─── Supplied records

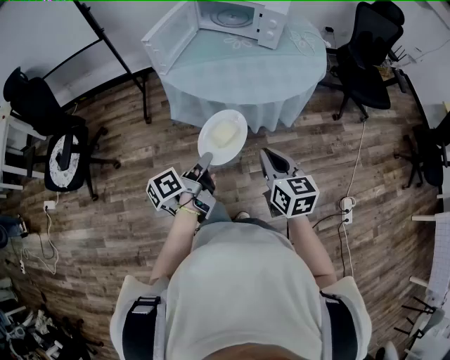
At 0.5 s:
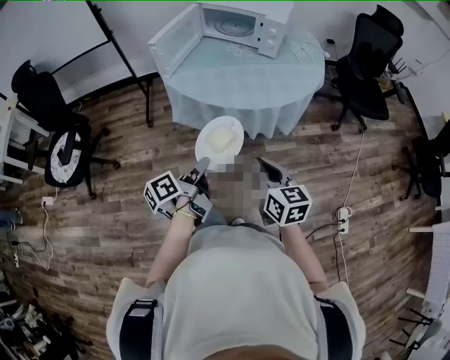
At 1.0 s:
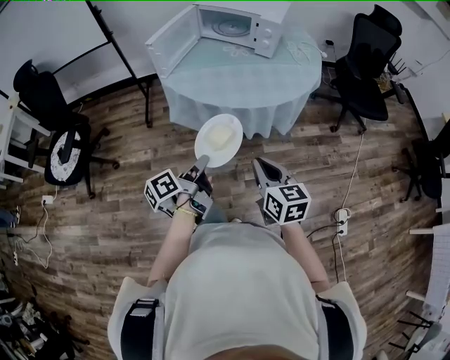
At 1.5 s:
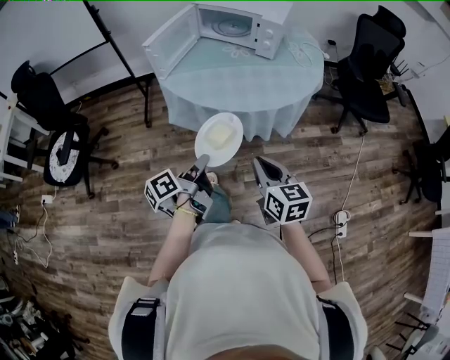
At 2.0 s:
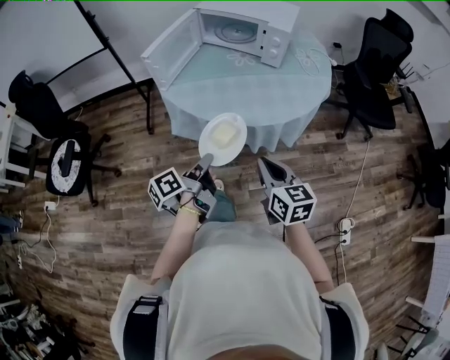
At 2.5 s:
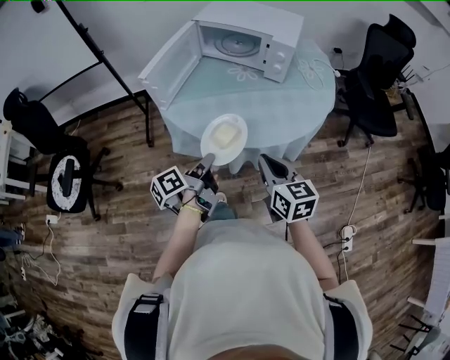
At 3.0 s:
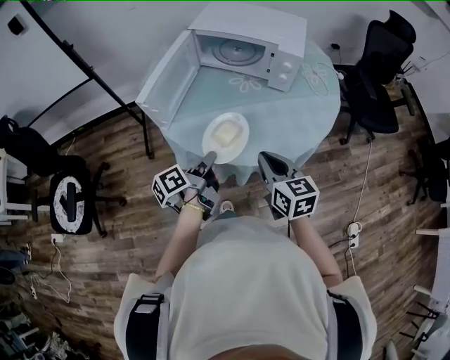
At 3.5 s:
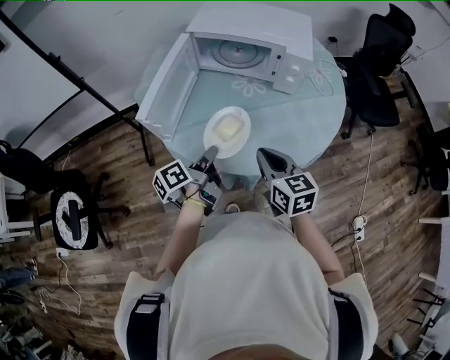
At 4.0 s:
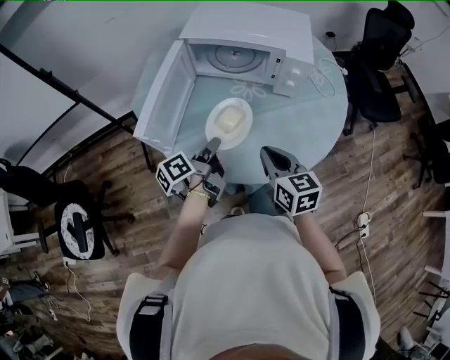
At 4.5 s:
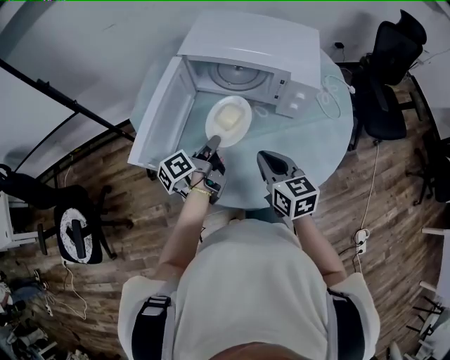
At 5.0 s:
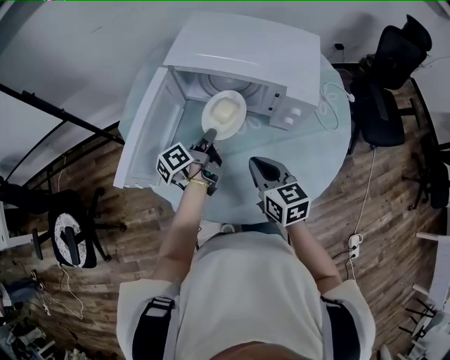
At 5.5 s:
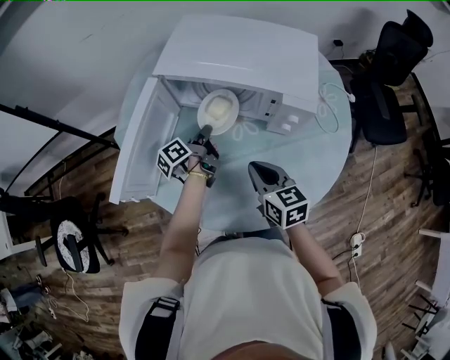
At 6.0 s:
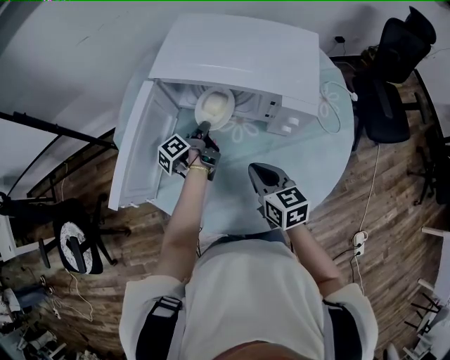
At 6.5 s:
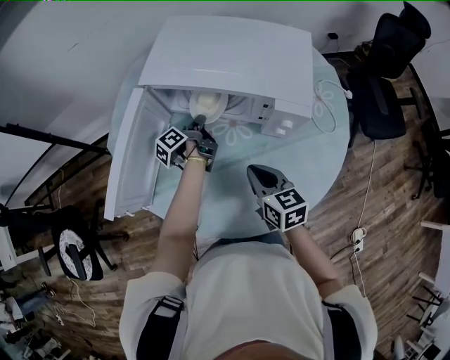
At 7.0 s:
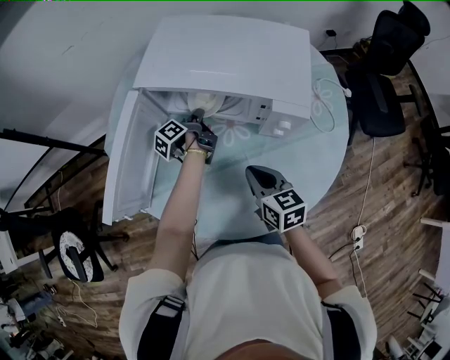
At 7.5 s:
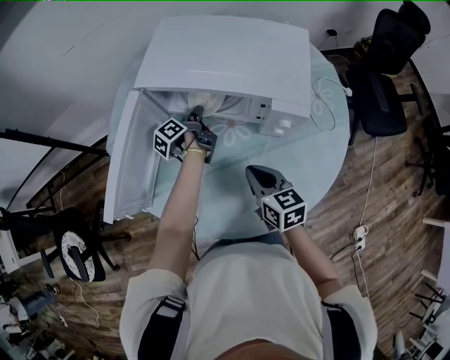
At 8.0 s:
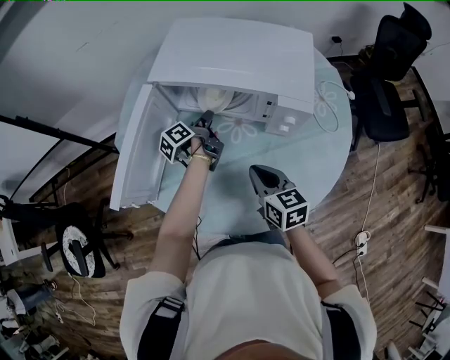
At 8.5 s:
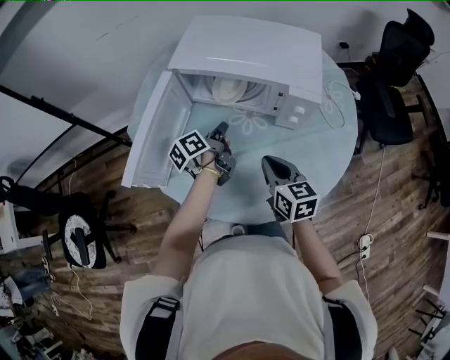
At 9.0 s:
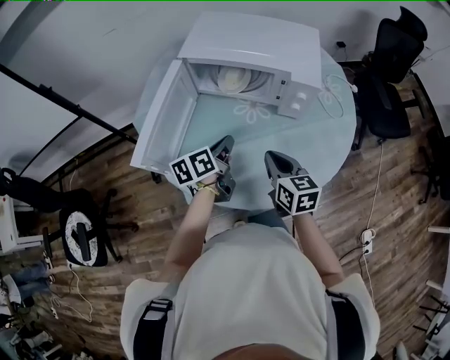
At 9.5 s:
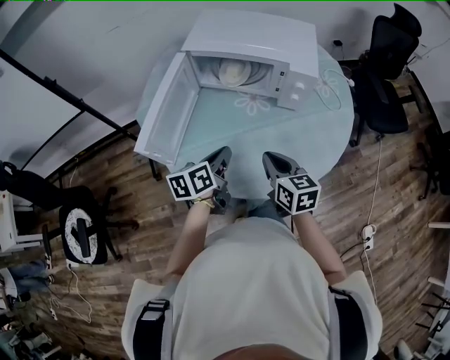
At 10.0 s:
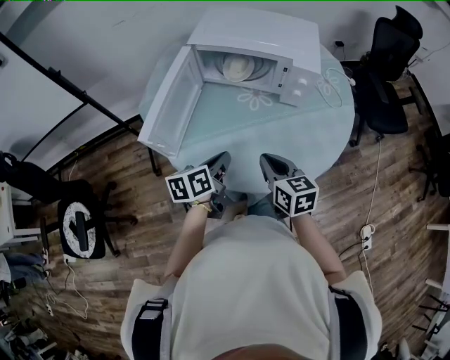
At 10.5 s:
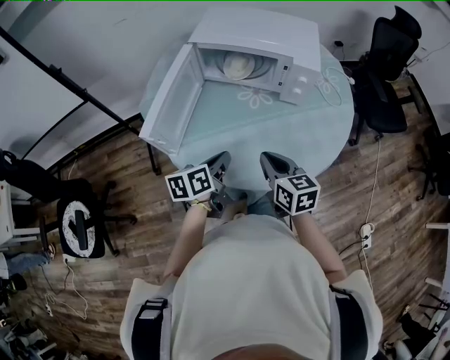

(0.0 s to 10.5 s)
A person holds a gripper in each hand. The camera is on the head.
0.0 s - 2.0 s: The right gripper shifts by roughly 5 cm.
2.0 s - 4.0 s: The right gripper ends up some 30 cm from where it was.
4.0 s - 6.5 s: The right gripper changes place by approximately 20 cm.
8.5 s - 10.5 s: The right gripper changes place by some 15 cm.

──────

(Exercise goal): Repeat the entries faithfully. Any picture gets left out.

(Task output):
At 0.5 s:
At 1.0 s:
At 1.5 s:
At 2.0 s:
At 2.5 s:
At 3.0 s:
At 3.5 s:
At 4.0 s:
At 4.5 s:
At 5.0 s:
At 5.5 s:
At 6.0 s:
At 6.5 s:
At 7.0 s:
At 7.5 s:
At 8.0 s:
At 8.5 s:
At 9.0 s:
At 9.5 s:
At 10.0 s:
At 10.5 s:

(0.0 s to 10.5 s)
A person holds a gripper in each hand. The camera is on the head.
0.0 s - 2.0 s: The right gripper shifts by roughly 5 cm.
2.0 s - 4.0 s: The right gripper ends up some 30 cm from where it was.
4.0 s - 6.5 s: The right gripper changes place by approximately 20 cm.
8.5 s - 10.5 s: The right gripper changes place by some 15 cm.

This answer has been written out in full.